TASK DIRECTIONS — Your task is to repeat the entries word for word while leaving out the pictures.

GIVEN INFORMATION —
════════════════
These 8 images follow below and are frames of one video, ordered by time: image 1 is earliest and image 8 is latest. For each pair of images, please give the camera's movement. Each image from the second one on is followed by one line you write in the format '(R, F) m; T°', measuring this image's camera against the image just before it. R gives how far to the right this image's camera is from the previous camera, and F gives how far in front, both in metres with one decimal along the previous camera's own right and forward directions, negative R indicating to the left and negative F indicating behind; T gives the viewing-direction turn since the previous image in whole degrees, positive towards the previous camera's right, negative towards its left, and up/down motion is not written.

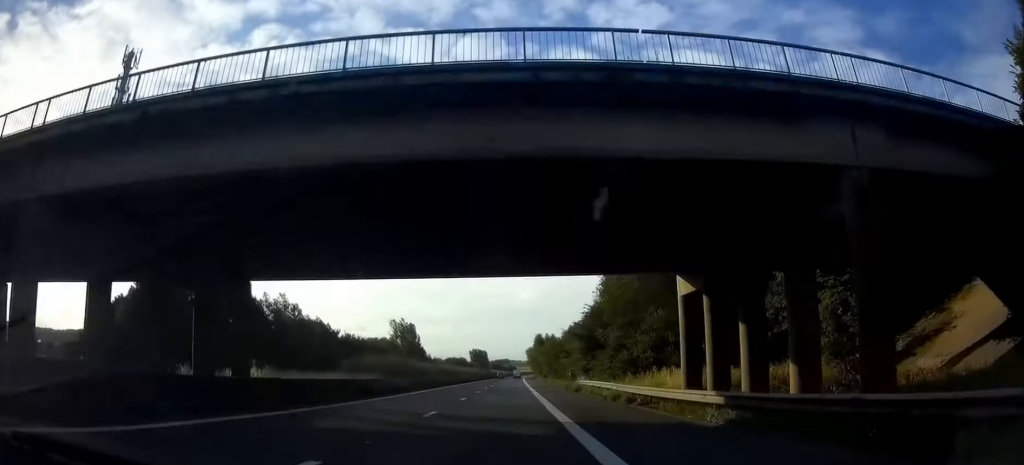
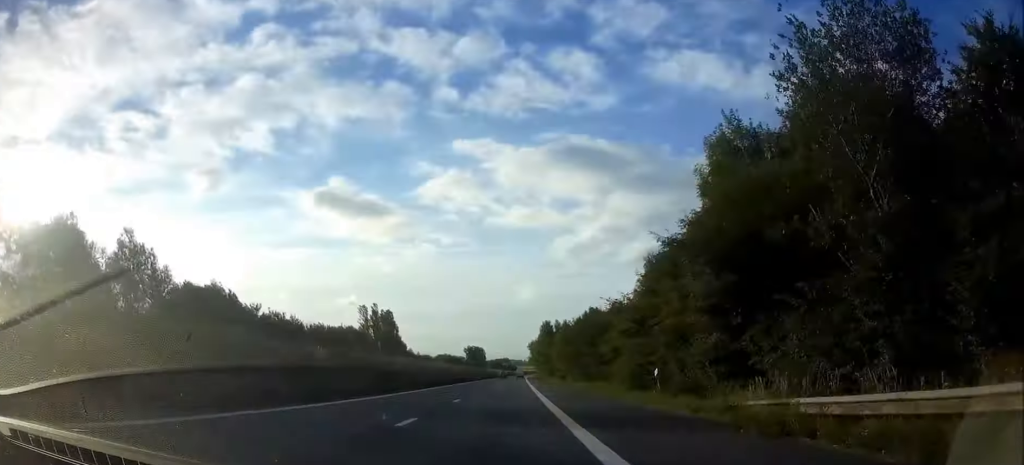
(-0.1, +40.9) m; 0°
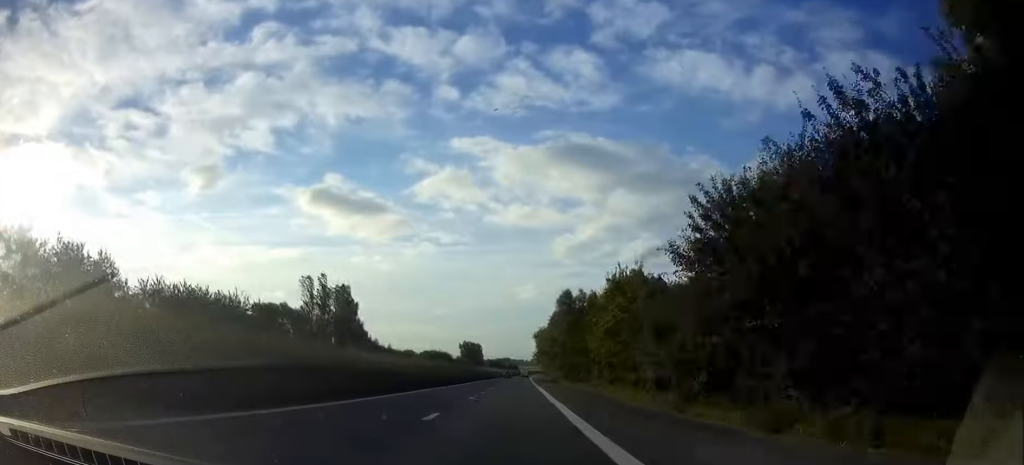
(+0.2, +47.7) m; 0°
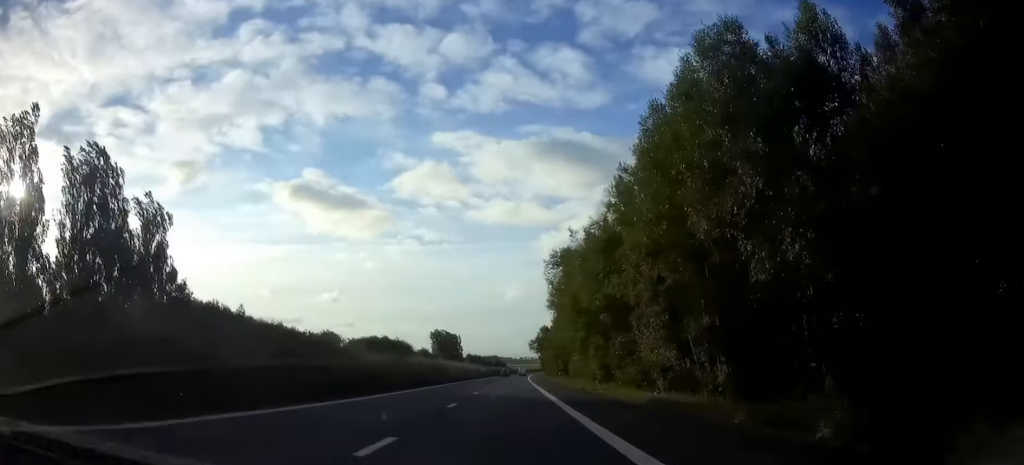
(+0.5, +81.7) m; +1°
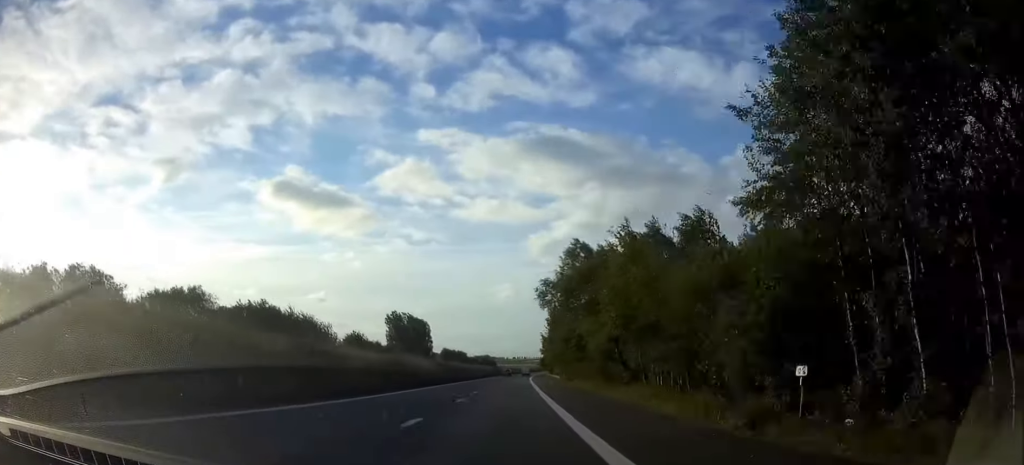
(+0.3, +81.5) m; +1°
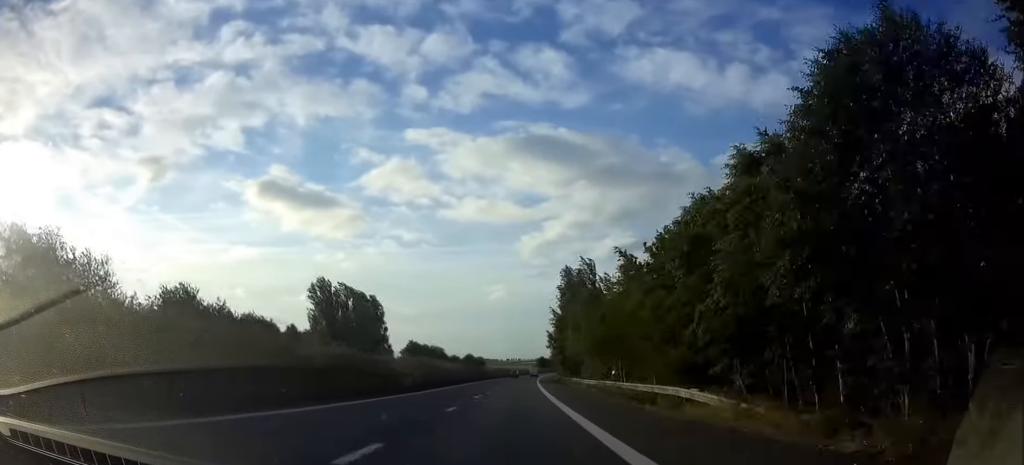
(+0.5, +67.9) m; +1°
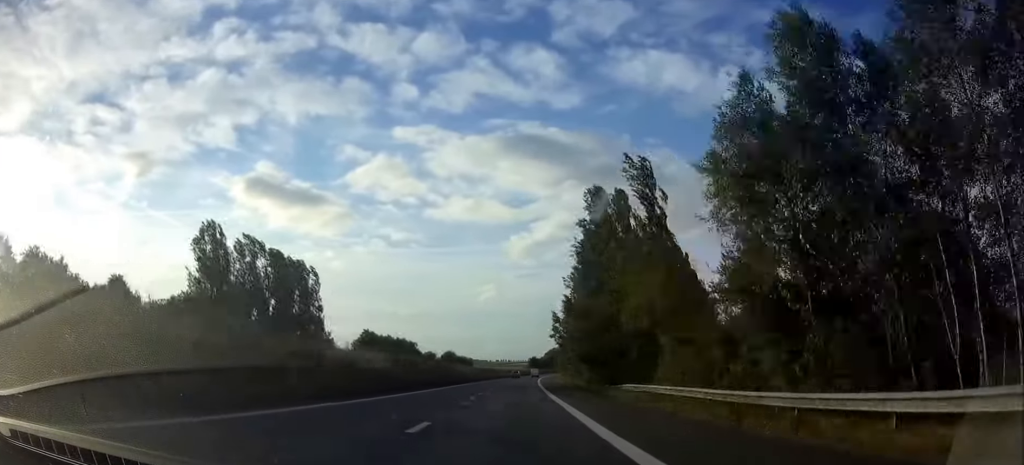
(+0.3, +45.3) m; +1°
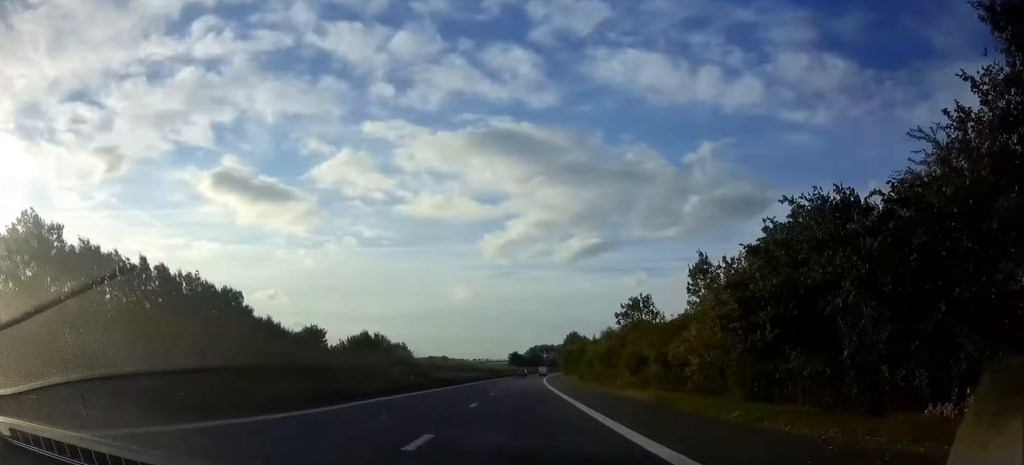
(+2.4, +102.1) m; +3°
════════════════
RESPONSE BOX —
These 8 images follow below and are frames of one video, ordered by time: image 1 is earliest and image 8 is latest. For each pair of images, please give the camera's movement. Each image from the second one on is followed by one line you write in the format '(R, F) m; T°', measuring this image's camera against the image just before it. R gives how far to the right this image's camera is from the previous camera, and F gives how far in front, both in metres with one decimal along the previous camera's own right and forward directions, negative R indicating to the left and negative F indicating behind; T gives the viewing-direction turn since the previous image in whole degrees, positive towards the previous camera's right, negative towards its left, and up/down motion is not written.

(-0.1, +40.9) m; 0°
(+0.2, +47.7) m; 0°
(+0.5, +81.7) m; +1°
(+0.3, +81.5) m; +1°
(+0.5, +67.9) m; +1°
(+0.3, +45.3) m; +1°
(+2.4, +102.1) m; +3°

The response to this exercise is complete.